YOUR OBJECTIVE:
Output the line containing "Q: Is the spacing between letters" exactly. Do the same for every line after it through the end of the material, and output nothing else.

---------- RECORDS SUPPLIED ----------

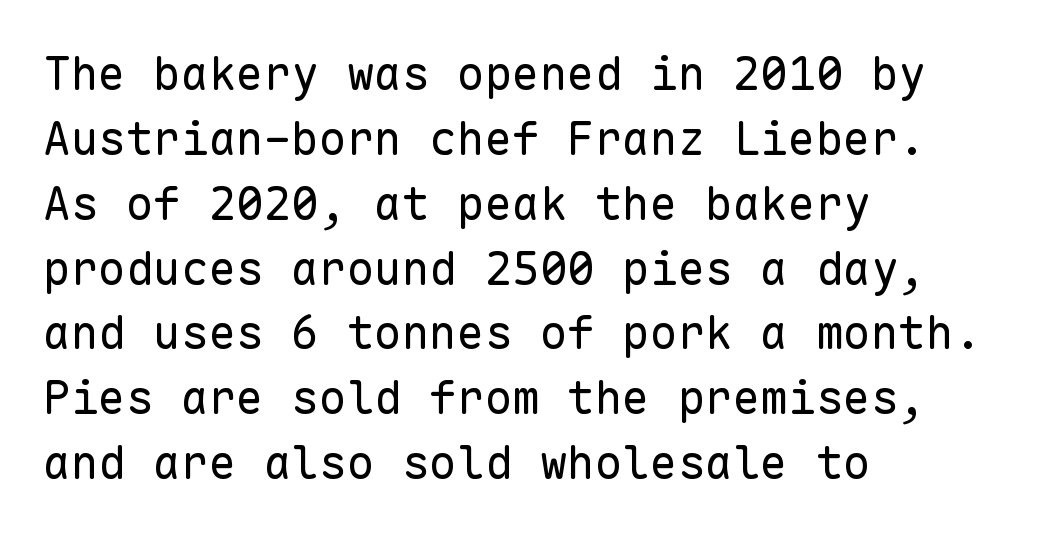
The image shows 46 px regular-weight sans-serif type, upright, monospaced; set left-aligned, normal line spacing (1.41x), normal letter spacing, not underlined; low stroke contrast and a medium x-height.
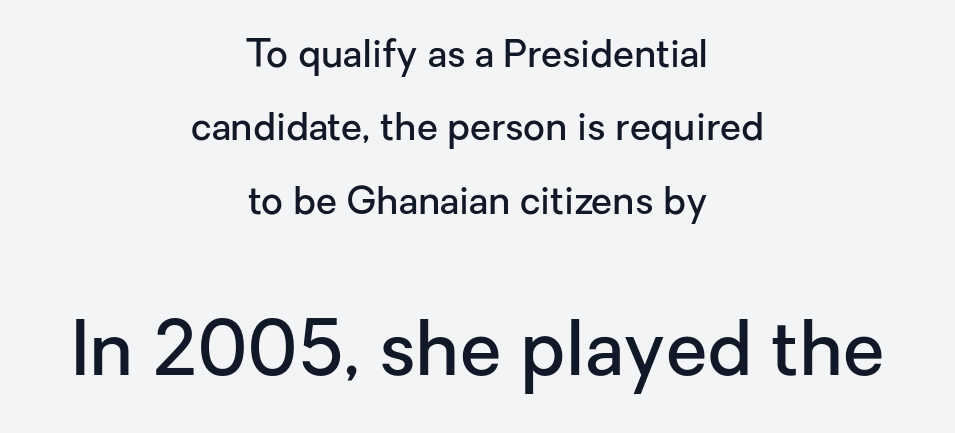
Q: Is the text bold? A: Semi-bold.
Q: Is the text italic (slanted)? A: No, it is upright.
Q: Is the typeface a serif or a sans-serif typeface? A: Sans-serif.
Q: Is the text underlined? A: No.
Q: How is the paragraph aligned? A: Centered.
Q: Is the spacing between letters normal or unusually wide? A: Normal.
Q: Is the spacing between lines tight, normal or loose? A: Loose.
Q: Which block of text is set in a larger size, the first (top) or the second (bottom)? A: The second (bottom) one.
Q: Width (condensed, normal, or wide)? A: Normal.
Q: Stroke contrast? A: Low.
Q: x-height? A: Medium.
Q: Monospaced? A: No.

----------

RESULT OF THIS TASK:
Q: Is the spacing between letters normal or unusually wide? A: Normal.
Q: Is the spacing between lines tight, normal or loose? A: Loose.
Q: Which block of text is set in a larger size, the first (top) or the second (bottom)? A: The second (bottom) one.
Q: Width (condensed, normal, or wide)? A: Normal.
Q: Stroke contrast? A: Low.
Q: x-height? A: Medium.
Q: Monospaced? A: No.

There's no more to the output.